Tables 7 and 8 show the results of exploratory analyses
. The treatment effect was not modified by the presence of autism (P=0.85) or by the type of initial sleep disorder as reported by care givers for total sleep time (P=0.56) or sleep onset latency (autism P=0.56, sleep disorder P=0.43). Inclusion of age or weight in the models did not improve the fit. The magnitude of sleep onset latency as determined by baseline sleep diaries, however, modified the treatment effect for sleep onset latency such that melatonin had a greater effect in those with a greater problem of getting to sleep (P=0.009); this was not evident for total sleep time (P=0.19).
Table 7 Frequency and duration of night time awakenings and wake up time in study of effect of melatonin on sleep problems in children with neurodevelopmental disorders
Table 8 Exploratory regression models in study of effect of melatonin on sleep problems in children with neurodevelopmental disorders. Figures are estimates (95% confidence intervals)
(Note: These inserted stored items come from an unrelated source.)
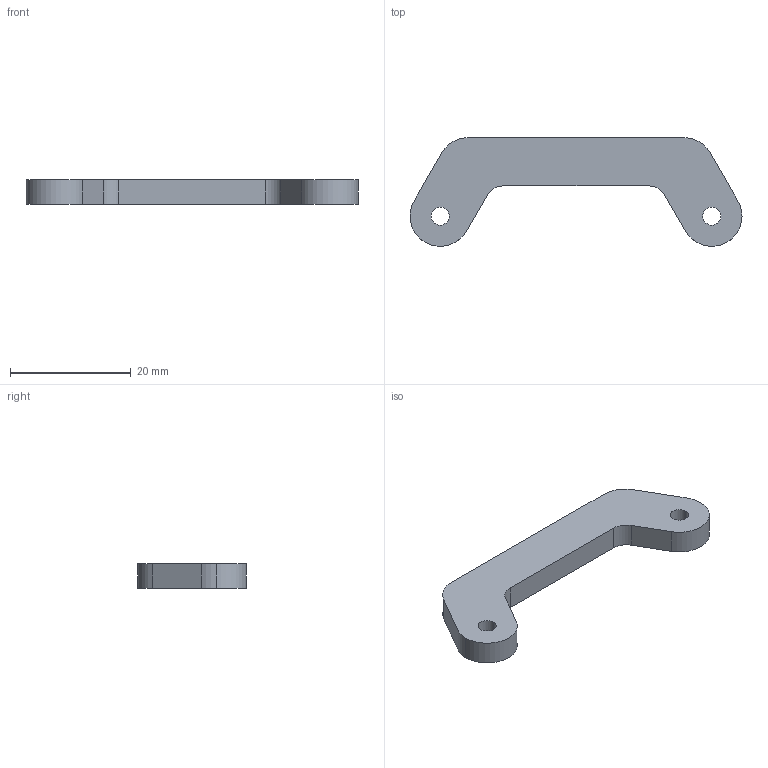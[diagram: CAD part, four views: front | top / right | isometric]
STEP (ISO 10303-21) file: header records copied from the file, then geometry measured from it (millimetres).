
FILE_DESCRIPTION (( 'STEP AP214' ), '1' );
FILE_NAME ('front3.STEP', '2024-05-20T12:13:29', ( '' ), ( '' ), 'SwSTEP 2.0', 'SolidWorks 2022', '' );
FILE_SCHEMA (( 'AUTOMOTIVE_DESIGN' ));
Length unit declared in the file: millimetre
Products named in the file (1): front3
Bounding box: 55 x 18 x 4 mm (x, y, z)
Volume: 2189.6 mm3; surface area: 1732.1 mm2
Topology: 1 solids, 1 shells, 19 faces, 51 edges, 34 vertices
Faces by surface type: cylinder 11, plane 8
Entity records: 649 total; most frequent: DIRECTION 113, CARTESIAN_POINT 105, ORIENTED_EDGE 102, EDGE_CURVE 51, AXIS2_PLACEMENT_3D 42, VERTEX_POINT 34, VECTOR 29, LINE 29
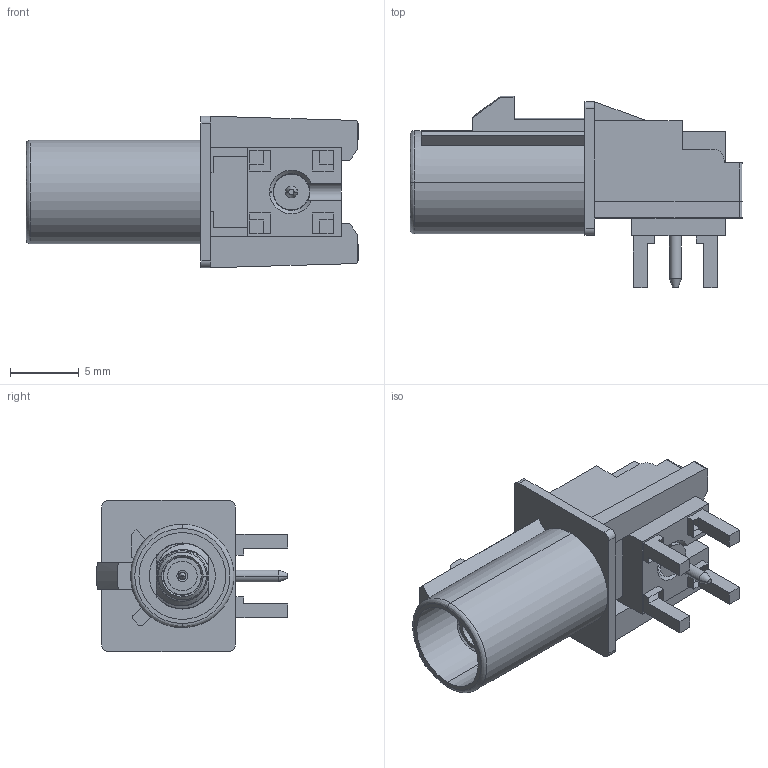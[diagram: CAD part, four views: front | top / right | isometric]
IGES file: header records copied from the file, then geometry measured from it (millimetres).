
Start section:  PTC IGES file: fa1-nbrp-pcb-8_.igs
Global section: file name: fa1-nbrp-pcb-8_.igs; native system: Pro/ENGINEER by Parametric Technology Corporation; preprocessor: 2008010; author: Administrator; organization: Unknown; date: 20091208.171837; units: inch
Bounding box: 24.1 x 13.89 x 11 mm (x, y, z)
Surface area: 1648.4 mm2 (no closed solid volume)
Topology: 0 solids, 0 shells, 159 faces, 855 edges, 855 vertices
Faces by surface type: bspline 98, revolution 61

No differences were observed between groups for change in average duration or frequency of night time awakenings.
Children woke 16.7 minutes earlier than at baseline after 12 weeks of treatment with melatonin, compared with children in the placebo group who woke an average of 10.9 minutes later than at baseline (table 7). The comparison between groups was significant (P<0.001), with children in the melatonin group waking on average 29.9 minutes earlier than children in the placebo group after adjustment for baseline (95% confidence interval 13.6 to 46.3).